Mais lesquels, de quelles machines parles-tu ?


----------



## BRBL02 (30 Septembre 2021)

nicomarcos a dit:


> Mais lesquels, de quelles machines parles-tu ?


Les mac core duo


----------



## Invité (30 Septembre 2021)

Vu les volumes produits, c'est un investissement (petit), mais à très long terme…


----------



## Sly54 (30 Septembre 2021)

Invité a dit:


> Vu les volumes produits, c'est un investissement (petit), mais à très long terme…


Mouais, très très long terme…
Si les Mac Plus commencent à être collecter, environ 35 ans après leur sortie, peut être que les Coreduo deviendront collector vers  2040…


----------



## Anthony (30 Septembre 2021)

BRBL02 a dit:


> Pensez vous donc que ces vieux mac pourrais avoir une place désormais dans le monde de la collection ou sont-il comme dans le domaine de l'automobile des "youngtimer" ?

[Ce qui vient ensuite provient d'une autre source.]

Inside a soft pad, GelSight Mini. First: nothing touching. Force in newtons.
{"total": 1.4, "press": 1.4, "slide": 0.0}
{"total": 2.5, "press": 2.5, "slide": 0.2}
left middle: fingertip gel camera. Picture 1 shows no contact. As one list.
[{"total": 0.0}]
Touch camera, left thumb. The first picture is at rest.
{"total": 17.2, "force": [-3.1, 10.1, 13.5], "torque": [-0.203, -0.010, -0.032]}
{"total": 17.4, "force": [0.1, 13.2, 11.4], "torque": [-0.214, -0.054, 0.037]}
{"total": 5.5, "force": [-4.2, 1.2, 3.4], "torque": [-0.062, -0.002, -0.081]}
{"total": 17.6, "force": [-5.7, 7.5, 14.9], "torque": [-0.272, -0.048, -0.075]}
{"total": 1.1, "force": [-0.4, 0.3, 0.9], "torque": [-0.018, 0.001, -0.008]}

Ce ne sont pas encore des machines de collection, pour la simple et bonne raison que des machines à processeur Intel sont toujours commercialisées. Elles vont suivre le modèle habituel : elles vont perdre toute valeur marchande, donc beaucoup d’exemplaires vont partir à la benne, et ceux qui resteront reprendront progressivement de la valeur, sur le marché des pigeons des collectionneurs. On en reparle dans une vingtaine d’années au moins.


----------



## BRBL02 (1 Octobre 2021)

Anthony a dit:


> Ce ne sont pas encore des machines de collection, pour la simple et bonne raison que des machines à processeur Intel sont toujours commercialisées. Elles vont suivre le modèle habituel : elles vont perdre toute valeur marchande, donc beaucoup d’exemplaires vont partir à la benne, et ceux qui resteront reprendront progressivement de la valeur, sur le marché des pigeons des collectionneurs. On en reparle dans une vingtaine d’années au moins.

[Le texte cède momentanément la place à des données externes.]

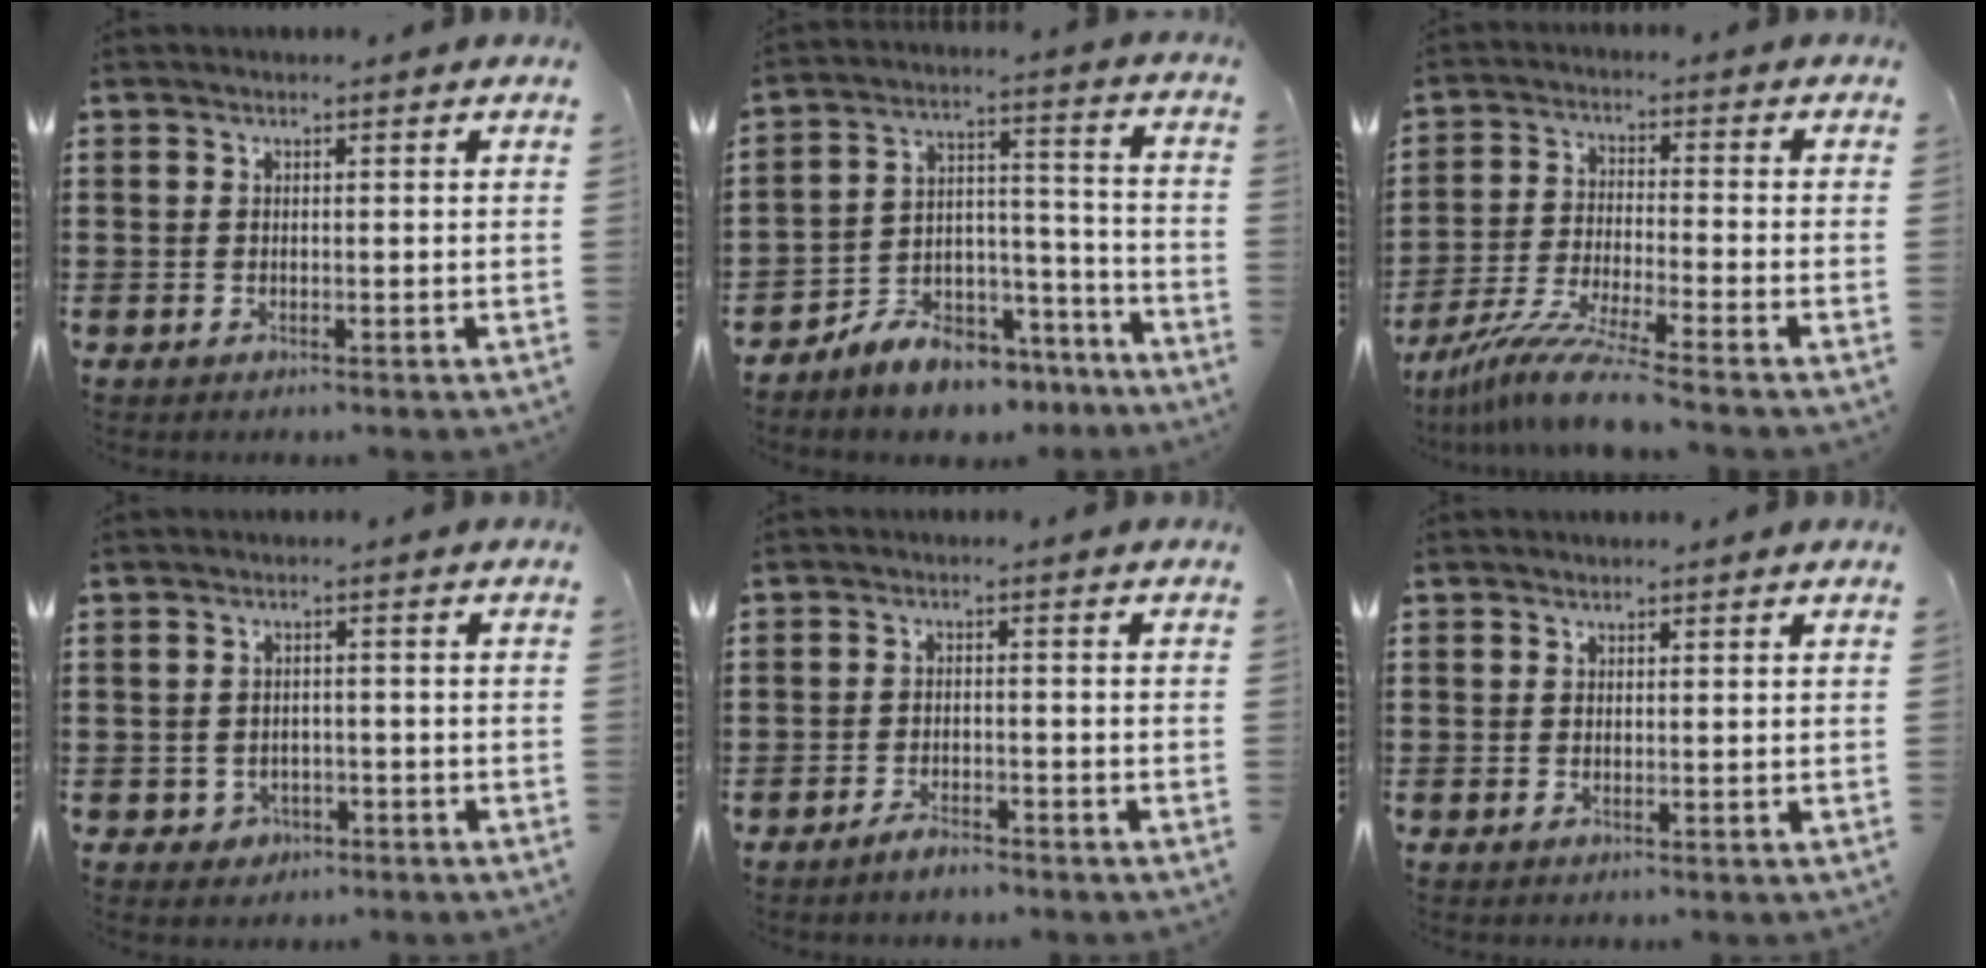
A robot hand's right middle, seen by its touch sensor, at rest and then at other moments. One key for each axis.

C'est pour ça que je précise les core duo, ils ont été massivement jeter car totalement inutilisable ( sauf sous windows ), les machines intel 64Bits actuelles ne sont pas intéressante pour la collection car trop récentes ( vu qu'on peu en acheter neuves ) mais les premier macbook pro core duo commercialiser sur quelques mois ou encore les macbook A1181, etc ! Ils ont été peu produit et beaucoup jeter, les ppc commencent a remonté ( y a qu'a voir le prix d'un cube, d'un Powerbook G4 titanium ou encore des tournesols ) sérieusement pour certains modèles. Pour ça que je me demande si les mac core solo/duo ( n'oublions pas quand même le mac mini core solo ) ne vont pas devenir collector voir si ça commence pas ?


----------



## flotow (1 Octobre 2021)

Vend MB blanc de 2006, non fonctionnel, signe d’une utilisation intensive. 
2000 euros

mp si désiré


----------



## Anthony (1 Octobre 2021)

BRBL02 a dit:


> les ppc commencent a remonté


J’analyse les prix depuis plusieurs années, pour un vieux projet, et non, pas vraiment. Ils ont même tendance à baisser quand tu prends en compte l’inflation.



BRBL02 a dit:


> ( y a qu'a voir le prix d'un cube, d'un Powerbook G4 titanium ou encore des tournesols )


Tu cites trois des machines les plus emblématiques de la période. Ajoute le Power Mac G4 MMD, et tu as les quatre machines dont le prix n’a _jamais_ baissé, parce que ces machines ont toujours été demandées. Parce que c’est l’autre aspect de la chose : à quel point une machine est emblématique de la période, dans cette acception particulièrement étrange du terme qui signifie « absolument pas représentative », à quel point faut-il la préserver ? Les gens sont prêts à dépenser des sommes considérables pour un iMac G4 Tournesol, mais personne ne s’arrache l’eMac sorti exactement au même moment, et qui est une machine extraordinairement importante pourtant.



BRBL02 a dit:


> Pour ça que je me demande si les mac core solo/duo ( n'oublions pas quand même le mac mini core solo ) ne vont pas devenir collector voir si ça commence pas ?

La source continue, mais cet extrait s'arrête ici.